(Information given Opens)
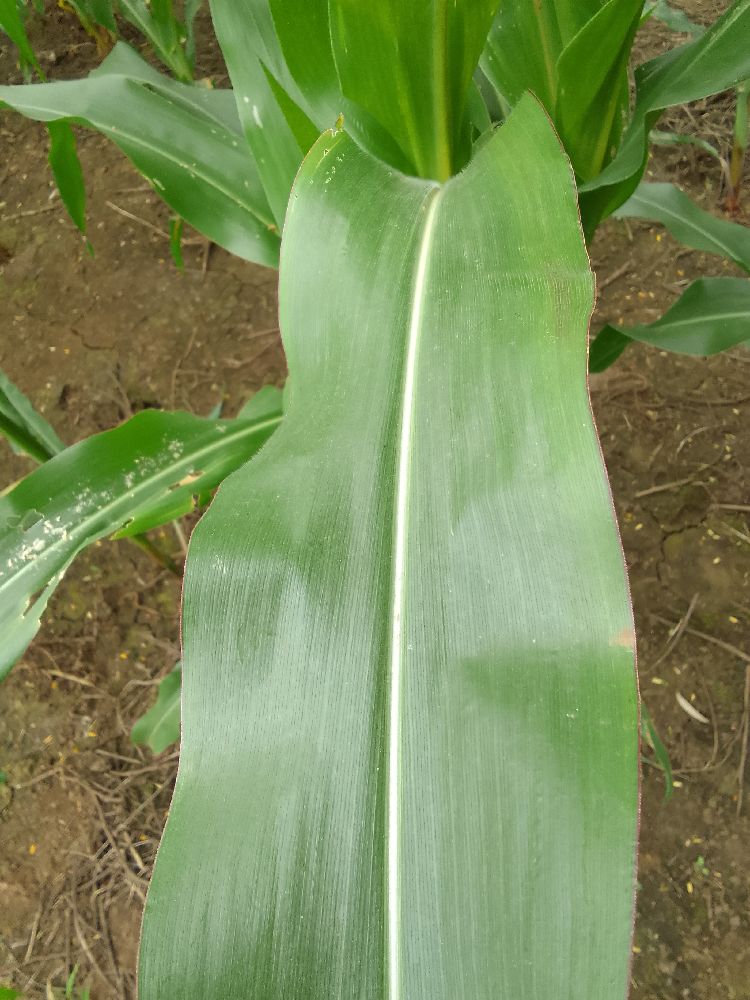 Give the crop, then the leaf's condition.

maize, healthy
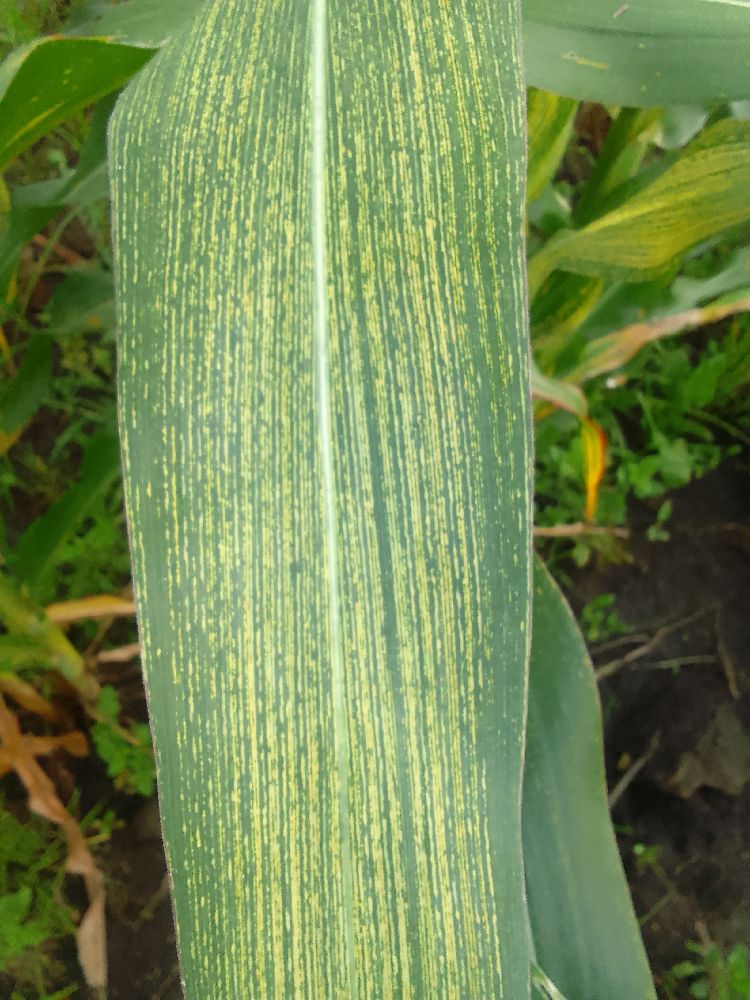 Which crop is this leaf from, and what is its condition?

maize, maize streak virus
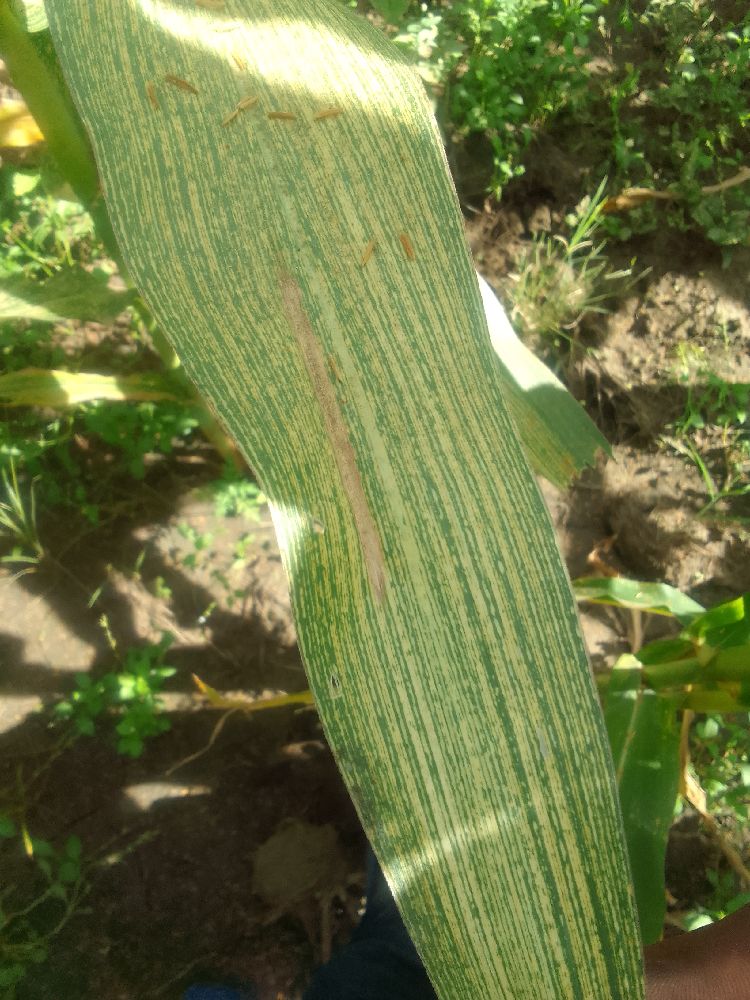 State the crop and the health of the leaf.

maize, maize streak virus
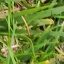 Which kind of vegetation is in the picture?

grass
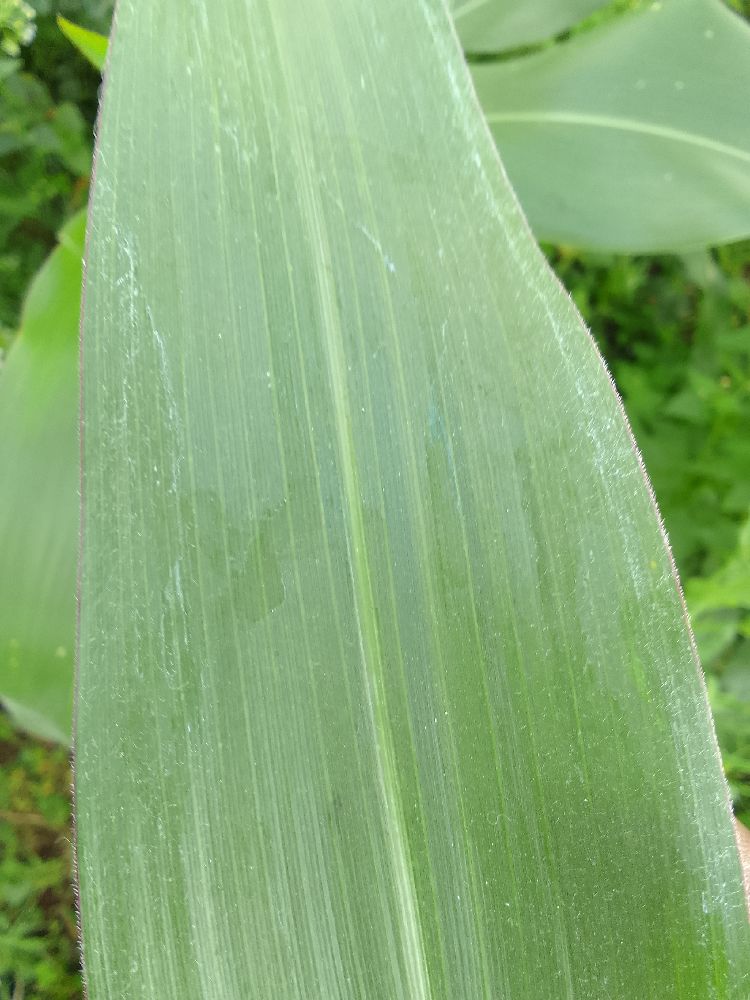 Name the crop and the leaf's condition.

maize, healthy
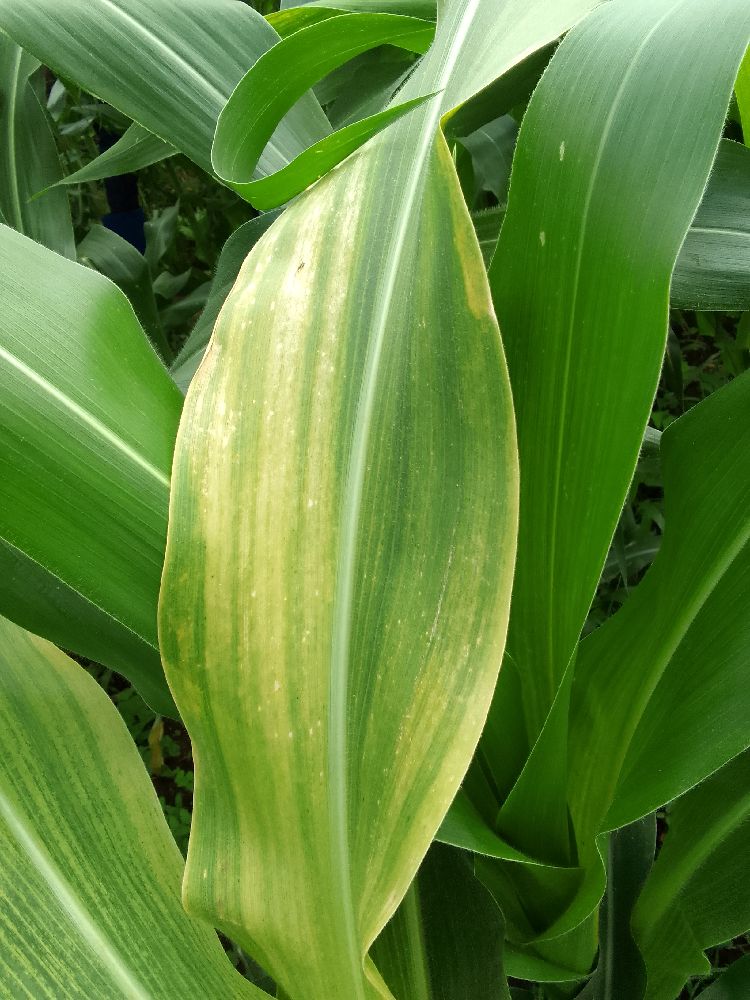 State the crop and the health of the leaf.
(Information given Closes)
Exercise aim: Print the lines from the one that contains "Which crop is" through the final line of the material above, exactly and only those, with pictures left out.

Result for this exercise:
 Which crop is this leaf from, and what is its condition?

maize, maize streak virus
 State the crop and the health of the leaf.

maize, maize streak virus
 Which kind of vegetation is in the picture?

grass
 Name the crop and the leaf's condition.

maize, healthy
 State the crop and the health of the leaf.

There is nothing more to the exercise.